Listed records
※ ※ ※

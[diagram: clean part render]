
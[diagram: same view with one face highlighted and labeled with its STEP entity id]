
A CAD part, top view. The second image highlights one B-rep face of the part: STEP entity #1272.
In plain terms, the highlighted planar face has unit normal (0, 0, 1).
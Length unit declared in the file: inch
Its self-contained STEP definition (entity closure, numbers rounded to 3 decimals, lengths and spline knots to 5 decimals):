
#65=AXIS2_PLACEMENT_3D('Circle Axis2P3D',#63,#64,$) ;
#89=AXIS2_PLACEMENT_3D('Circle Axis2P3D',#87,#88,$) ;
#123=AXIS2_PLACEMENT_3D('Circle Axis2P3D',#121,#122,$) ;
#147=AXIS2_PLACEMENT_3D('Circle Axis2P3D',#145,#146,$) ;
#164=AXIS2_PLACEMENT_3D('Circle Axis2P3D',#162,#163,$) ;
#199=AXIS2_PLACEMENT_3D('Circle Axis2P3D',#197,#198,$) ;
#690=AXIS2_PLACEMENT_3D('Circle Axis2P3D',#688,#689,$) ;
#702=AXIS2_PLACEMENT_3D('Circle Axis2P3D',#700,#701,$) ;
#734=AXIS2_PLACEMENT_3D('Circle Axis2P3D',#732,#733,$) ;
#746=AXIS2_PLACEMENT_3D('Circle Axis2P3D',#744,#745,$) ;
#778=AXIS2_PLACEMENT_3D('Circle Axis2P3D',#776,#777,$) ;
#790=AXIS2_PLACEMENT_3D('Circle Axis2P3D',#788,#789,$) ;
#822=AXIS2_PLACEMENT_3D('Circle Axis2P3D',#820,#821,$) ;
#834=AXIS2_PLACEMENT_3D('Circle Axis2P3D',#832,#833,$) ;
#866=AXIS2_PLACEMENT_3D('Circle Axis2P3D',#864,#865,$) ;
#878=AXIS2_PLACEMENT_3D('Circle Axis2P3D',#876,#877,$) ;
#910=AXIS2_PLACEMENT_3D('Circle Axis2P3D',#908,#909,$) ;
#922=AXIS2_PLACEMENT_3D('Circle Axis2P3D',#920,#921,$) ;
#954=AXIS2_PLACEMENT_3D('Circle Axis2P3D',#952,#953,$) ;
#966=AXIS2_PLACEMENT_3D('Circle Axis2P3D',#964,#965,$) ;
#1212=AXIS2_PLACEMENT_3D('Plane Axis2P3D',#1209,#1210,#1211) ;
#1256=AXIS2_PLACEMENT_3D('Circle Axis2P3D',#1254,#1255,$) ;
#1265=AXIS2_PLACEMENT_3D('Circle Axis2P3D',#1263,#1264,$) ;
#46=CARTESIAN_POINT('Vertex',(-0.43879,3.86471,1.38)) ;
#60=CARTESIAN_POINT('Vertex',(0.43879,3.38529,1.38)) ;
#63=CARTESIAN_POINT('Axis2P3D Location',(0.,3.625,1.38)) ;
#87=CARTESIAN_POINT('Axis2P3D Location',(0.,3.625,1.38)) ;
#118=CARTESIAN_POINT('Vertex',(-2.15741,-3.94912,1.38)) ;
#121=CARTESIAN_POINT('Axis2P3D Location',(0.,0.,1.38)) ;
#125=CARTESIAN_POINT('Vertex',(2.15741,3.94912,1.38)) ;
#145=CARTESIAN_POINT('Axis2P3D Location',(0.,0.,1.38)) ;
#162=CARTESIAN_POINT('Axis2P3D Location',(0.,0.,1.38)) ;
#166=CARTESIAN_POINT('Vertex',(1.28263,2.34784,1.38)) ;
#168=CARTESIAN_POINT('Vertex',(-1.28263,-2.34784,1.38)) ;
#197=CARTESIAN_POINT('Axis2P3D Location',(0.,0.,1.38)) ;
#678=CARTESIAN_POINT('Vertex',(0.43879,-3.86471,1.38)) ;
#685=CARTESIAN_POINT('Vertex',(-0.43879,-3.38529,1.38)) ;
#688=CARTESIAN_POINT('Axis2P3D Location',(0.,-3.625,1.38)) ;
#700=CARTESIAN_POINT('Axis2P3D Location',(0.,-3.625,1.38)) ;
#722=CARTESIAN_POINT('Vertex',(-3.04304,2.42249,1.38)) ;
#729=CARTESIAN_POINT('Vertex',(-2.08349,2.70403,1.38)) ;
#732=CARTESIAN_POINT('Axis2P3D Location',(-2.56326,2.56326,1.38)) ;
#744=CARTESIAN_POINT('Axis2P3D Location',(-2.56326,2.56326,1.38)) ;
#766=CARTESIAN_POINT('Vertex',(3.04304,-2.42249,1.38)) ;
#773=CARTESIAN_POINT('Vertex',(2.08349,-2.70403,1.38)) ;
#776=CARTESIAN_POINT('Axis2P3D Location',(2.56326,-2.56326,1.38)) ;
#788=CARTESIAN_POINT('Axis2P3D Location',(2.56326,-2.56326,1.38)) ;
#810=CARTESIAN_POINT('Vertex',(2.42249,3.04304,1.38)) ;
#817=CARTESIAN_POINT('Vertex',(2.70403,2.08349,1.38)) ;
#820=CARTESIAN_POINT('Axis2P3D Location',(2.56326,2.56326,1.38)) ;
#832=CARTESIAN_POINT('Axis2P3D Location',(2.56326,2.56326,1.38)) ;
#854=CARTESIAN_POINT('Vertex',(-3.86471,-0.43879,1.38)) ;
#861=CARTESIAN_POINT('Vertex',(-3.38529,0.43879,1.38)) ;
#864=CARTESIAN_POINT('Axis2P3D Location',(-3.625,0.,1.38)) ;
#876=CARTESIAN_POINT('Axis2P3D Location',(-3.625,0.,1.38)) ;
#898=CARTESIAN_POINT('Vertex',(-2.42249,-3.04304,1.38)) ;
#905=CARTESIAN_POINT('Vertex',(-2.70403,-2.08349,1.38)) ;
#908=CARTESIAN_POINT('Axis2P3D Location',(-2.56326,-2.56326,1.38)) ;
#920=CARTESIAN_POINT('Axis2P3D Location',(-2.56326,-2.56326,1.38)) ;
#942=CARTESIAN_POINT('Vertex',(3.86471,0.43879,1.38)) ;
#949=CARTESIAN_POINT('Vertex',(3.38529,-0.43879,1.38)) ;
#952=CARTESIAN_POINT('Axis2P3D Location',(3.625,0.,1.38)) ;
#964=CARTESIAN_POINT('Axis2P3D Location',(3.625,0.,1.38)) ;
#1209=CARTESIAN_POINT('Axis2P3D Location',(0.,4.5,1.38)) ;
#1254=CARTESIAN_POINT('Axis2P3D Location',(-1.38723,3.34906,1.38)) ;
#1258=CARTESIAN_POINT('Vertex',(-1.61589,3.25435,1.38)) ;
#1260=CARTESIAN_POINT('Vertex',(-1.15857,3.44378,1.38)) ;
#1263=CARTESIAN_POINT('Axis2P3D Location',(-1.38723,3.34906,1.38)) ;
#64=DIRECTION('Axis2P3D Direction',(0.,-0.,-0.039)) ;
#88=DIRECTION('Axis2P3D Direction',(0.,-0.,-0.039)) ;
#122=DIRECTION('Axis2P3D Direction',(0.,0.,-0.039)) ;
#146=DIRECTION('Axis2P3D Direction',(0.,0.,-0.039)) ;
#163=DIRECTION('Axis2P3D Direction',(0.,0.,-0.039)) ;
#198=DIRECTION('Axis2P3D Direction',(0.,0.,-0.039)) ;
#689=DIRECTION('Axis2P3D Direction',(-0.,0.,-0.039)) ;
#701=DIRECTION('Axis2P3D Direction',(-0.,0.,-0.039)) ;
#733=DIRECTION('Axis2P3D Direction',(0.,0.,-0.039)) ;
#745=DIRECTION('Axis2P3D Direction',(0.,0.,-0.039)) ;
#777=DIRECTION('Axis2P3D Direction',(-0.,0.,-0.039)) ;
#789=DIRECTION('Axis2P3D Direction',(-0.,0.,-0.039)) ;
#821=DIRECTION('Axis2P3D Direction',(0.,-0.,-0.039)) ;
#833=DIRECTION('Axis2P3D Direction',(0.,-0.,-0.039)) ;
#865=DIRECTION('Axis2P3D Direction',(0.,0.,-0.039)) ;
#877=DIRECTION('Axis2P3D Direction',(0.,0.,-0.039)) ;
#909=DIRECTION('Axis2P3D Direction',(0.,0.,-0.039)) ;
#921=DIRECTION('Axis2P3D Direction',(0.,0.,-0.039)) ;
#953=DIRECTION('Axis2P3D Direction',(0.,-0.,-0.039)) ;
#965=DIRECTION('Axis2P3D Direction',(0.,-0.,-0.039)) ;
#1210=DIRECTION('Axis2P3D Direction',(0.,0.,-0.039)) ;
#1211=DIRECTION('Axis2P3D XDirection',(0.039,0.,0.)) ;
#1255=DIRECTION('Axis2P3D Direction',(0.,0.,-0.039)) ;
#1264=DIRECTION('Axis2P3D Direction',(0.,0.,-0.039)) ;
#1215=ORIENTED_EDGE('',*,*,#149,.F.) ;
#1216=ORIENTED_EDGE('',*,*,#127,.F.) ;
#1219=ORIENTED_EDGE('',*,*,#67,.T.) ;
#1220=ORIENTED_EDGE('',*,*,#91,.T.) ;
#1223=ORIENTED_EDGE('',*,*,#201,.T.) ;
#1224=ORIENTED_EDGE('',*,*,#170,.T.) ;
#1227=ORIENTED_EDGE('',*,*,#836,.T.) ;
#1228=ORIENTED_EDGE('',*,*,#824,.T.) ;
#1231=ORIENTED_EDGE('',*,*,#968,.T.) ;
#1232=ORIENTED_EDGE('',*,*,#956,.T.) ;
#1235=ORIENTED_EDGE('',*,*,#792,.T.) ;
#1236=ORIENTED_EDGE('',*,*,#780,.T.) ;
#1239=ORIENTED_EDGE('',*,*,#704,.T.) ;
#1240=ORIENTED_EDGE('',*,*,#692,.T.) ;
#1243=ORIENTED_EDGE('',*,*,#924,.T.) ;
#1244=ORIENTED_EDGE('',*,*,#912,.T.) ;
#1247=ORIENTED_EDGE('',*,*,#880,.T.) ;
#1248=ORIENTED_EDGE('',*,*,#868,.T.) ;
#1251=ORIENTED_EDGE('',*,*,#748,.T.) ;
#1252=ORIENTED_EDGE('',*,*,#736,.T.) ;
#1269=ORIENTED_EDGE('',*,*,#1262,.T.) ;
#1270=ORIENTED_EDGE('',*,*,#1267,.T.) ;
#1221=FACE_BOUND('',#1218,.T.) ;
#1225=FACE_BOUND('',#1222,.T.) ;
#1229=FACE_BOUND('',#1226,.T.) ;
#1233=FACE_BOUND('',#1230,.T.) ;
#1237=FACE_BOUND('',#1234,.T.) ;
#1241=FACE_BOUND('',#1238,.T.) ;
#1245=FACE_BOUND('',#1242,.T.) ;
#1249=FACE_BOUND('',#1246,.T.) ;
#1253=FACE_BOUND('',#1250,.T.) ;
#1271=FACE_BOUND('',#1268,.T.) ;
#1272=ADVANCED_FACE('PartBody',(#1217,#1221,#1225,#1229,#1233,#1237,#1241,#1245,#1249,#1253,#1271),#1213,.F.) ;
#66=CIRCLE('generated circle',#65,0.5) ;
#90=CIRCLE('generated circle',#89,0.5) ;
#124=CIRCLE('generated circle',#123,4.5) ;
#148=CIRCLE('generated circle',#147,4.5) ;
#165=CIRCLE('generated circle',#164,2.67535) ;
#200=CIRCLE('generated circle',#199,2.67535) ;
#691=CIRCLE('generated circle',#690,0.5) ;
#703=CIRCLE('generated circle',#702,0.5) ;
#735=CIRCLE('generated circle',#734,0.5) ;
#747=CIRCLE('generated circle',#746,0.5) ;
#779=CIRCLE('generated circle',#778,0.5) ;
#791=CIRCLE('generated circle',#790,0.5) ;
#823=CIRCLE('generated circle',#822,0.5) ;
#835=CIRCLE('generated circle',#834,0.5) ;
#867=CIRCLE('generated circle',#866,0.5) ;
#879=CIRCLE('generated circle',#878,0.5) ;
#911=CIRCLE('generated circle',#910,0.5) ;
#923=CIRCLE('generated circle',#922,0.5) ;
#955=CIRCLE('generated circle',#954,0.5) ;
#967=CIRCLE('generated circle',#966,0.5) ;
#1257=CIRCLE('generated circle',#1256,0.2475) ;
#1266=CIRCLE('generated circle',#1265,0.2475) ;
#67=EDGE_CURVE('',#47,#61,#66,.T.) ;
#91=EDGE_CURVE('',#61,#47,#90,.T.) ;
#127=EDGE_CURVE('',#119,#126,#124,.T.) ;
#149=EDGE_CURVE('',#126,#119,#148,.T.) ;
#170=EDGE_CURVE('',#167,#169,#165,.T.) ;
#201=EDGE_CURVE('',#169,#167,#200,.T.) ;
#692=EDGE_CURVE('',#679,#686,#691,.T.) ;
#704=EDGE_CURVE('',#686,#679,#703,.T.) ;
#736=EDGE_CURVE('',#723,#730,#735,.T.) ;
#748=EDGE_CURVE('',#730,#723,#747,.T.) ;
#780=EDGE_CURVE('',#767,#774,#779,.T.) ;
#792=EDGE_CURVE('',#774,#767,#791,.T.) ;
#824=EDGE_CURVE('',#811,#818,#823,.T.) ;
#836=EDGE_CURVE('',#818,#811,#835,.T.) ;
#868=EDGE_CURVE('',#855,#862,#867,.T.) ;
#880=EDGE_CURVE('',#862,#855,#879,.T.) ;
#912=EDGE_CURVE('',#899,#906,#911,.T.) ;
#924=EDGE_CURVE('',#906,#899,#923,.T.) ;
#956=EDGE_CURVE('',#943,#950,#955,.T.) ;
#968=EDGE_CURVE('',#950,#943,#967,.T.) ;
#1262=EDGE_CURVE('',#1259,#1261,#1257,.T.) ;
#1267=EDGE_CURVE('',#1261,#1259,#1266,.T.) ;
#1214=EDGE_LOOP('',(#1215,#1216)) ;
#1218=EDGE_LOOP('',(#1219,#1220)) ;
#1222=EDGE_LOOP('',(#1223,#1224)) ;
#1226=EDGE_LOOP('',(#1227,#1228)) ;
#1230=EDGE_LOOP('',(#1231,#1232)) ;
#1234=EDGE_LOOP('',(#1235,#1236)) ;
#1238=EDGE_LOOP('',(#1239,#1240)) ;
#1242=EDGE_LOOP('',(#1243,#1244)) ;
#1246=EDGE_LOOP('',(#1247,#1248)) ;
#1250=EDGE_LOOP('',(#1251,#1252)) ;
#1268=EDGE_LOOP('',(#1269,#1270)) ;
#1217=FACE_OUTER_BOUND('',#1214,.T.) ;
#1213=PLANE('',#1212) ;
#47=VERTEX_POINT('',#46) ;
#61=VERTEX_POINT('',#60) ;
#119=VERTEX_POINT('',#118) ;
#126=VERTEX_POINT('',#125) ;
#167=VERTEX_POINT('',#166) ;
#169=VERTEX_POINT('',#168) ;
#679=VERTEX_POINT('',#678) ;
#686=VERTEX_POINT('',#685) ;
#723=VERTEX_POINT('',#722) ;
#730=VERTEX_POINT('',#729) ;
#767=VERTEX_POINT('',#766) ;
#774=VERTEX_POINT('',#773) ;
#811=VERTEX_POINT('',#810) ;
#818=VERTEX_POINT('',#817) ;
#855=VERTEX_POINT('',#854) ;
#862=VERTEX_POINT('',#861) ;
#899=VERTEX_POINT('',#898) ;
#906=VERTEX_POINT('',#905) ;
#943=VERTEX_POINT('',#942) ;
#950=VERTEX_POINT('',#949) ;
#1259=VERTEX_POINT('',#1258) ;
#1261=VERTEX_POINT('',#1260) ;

※ ※ ※

What to produce
Produce only the lines from the line containing "#964=CARTESIAN_POINT('Axis2P3D Location',(3.625,0.,1.38)) ;" through the line containing "#777=DIRECTION('Axis2P3D Direction',(-0.,0.,-0.039)) ;", inclusive of both, exactly as they stand in the entries above.

Task answer
#964=CARTESIAN_POINT('Axis2P3D Location',(3.625,0.,1.38)) ;
#1209=CARTESIAN_POINT('Axis2P3D Location',(0.,4.5,1.38)) ;
#1254=CARTESIAN_POINT('Axis2P3D Location',(-1.38723,3.34906,1.38)) ;
#1258=CARTESIAN_POINT('Vertex',(-1.61589,3.25435,1.38)) ;
#1260=CARTESIAN_POINT('Vertex',(-1.15857,3.44378,1.38)) ;
#1263=CARTESIAN_POINT('Axis2P3D Location',(-1.38723,3.34906,1.38)) ;
#64=DIRECTION('Axis2P3D Direction',(0.,-0.,-0.039)) ;
#88=DIRECTION('Axis2P3D Direction',(0.,-0.,-0.039)) ;
#122=DIRECTION('Axis2P3D Direction',(0.,0.,-0.039)) ;
#146=DIRECTION('Axis2P3D Direction',(0.,0.,-0.039)) ;
#163=DIRECTION('Axis2P3D Direction',(0.,0.,-0.039)) ;
#198=DIRECTION('Axis2P3D Direction',(0.,0.,-0.039)) ;
#689=DIRECTION('Axis2P3D Direction',(-0.,0.,-0.039)) ;
#701=DIRECTION('Axis2P3D Direction',(-0.,0.,-0.039)) ;
#733=DIRECTION('Axis2P3D Direction',(0.,0.,-0.039)) ;
#745=DIRECTION('Axis2P3D Direction',(0.,0.,-0.039)) ;
#777=DIRECTION('Axis2P3D Direction',(-0.,0.,-0.039)) ;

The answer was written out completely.